Stored records:
"""
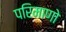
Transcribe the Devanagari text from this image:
परिमाणो
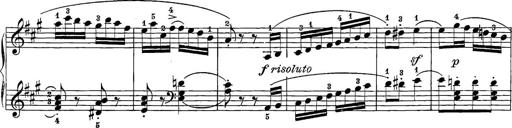
Title: 12 Sonatine per Pianoforte
Composer: Friedrich Kuhlau
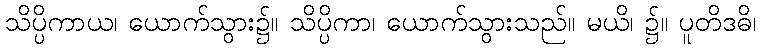
သိပ္ပိကာယ၊ ယောက်သွား၌။ သိပ္ပိကာ၊ ယောက်သွားသည်။ မယိ၊ ၌။ ပူတိဒဓိ၊
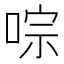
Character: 𠵻
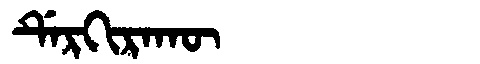
Manchu: ᡩᡝᡵᡴᡳᡵᠠᡴᡡ
Romanization: DERKIRAKŪ
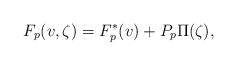
LaTeX: \begin{align*}F_p(v,\zeta) = F^*_p(v) + P_p\Pi(\zeta), \end{align*}
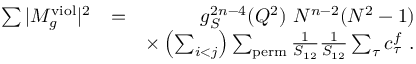
\begin{array} { r l r } { \sum \vert M _ { g } ^ { \mathrm { v i o l } } \vert ^ { 2 } } & { = } & { g _ { S } ^ { 2 n - 4 } ( Q ^ { 2 } ) ~ N ^ { n - 2 } ( N ^ { 2 } - 1 ) } \\ & { } & { \times \left( \sum _ { i < j } \right) \sum _ { \mathrm { p e r m } } \frac { 1 } { S _ { 1 2 } } \frac { 1 } { S _ { 1 2 } } \sum _ { \tau } c _ { \tau } ^ { f } ~ . } \end{array}
"""
__WORK REQUEST__:
Start to finish, write out the data above exactly, omitting all pictures.

__TASK RESPONSE__:
Transcribe the Devanagari text from this image:
परिमाणो
Title: 12 Sonatine per Pianoforte
Composer: Friedrich Kuhlau
သိပ္ပိကာယ၊ ယောက်သွား၌။ သိပ္ပိကာ၊ ယောက်သွားသည်။ မယိ၊ ၌။ ပူတိဒဓိ၊
Character: 𠵻
Manchu: ᡩᡝᡵᡴᡳᡵᠠᡴᡡ
Romanization: DERKIRAKŪ
LaTeX: \begin{align*}F_p(v,\zeta) = F^*_p(v) + P_p\Pi(\zeta), \end{align*}
\begin{array} { r l r } { \sum \vert M _ { g } ^ { \mathrm { v i o l } } \vert ^ { 2 } } & { = } & { g _ { S } ^ { 2 n - 4 } ( Q ^ { 2 } ) ~ N ^ { n - 2 } ( N ^ { 2 } - 1 ) } \\ & { } & { \times \left( \sum _ { i < j } \right) \sum _ { \mathrm { p e r m } } \frac { 1 } { S _ { 1 2 } } \frac { 1 } { S _ { 1 2 } } \sum _ { \tau } c _ { \tau } ^ { f } ~ . } \end{array}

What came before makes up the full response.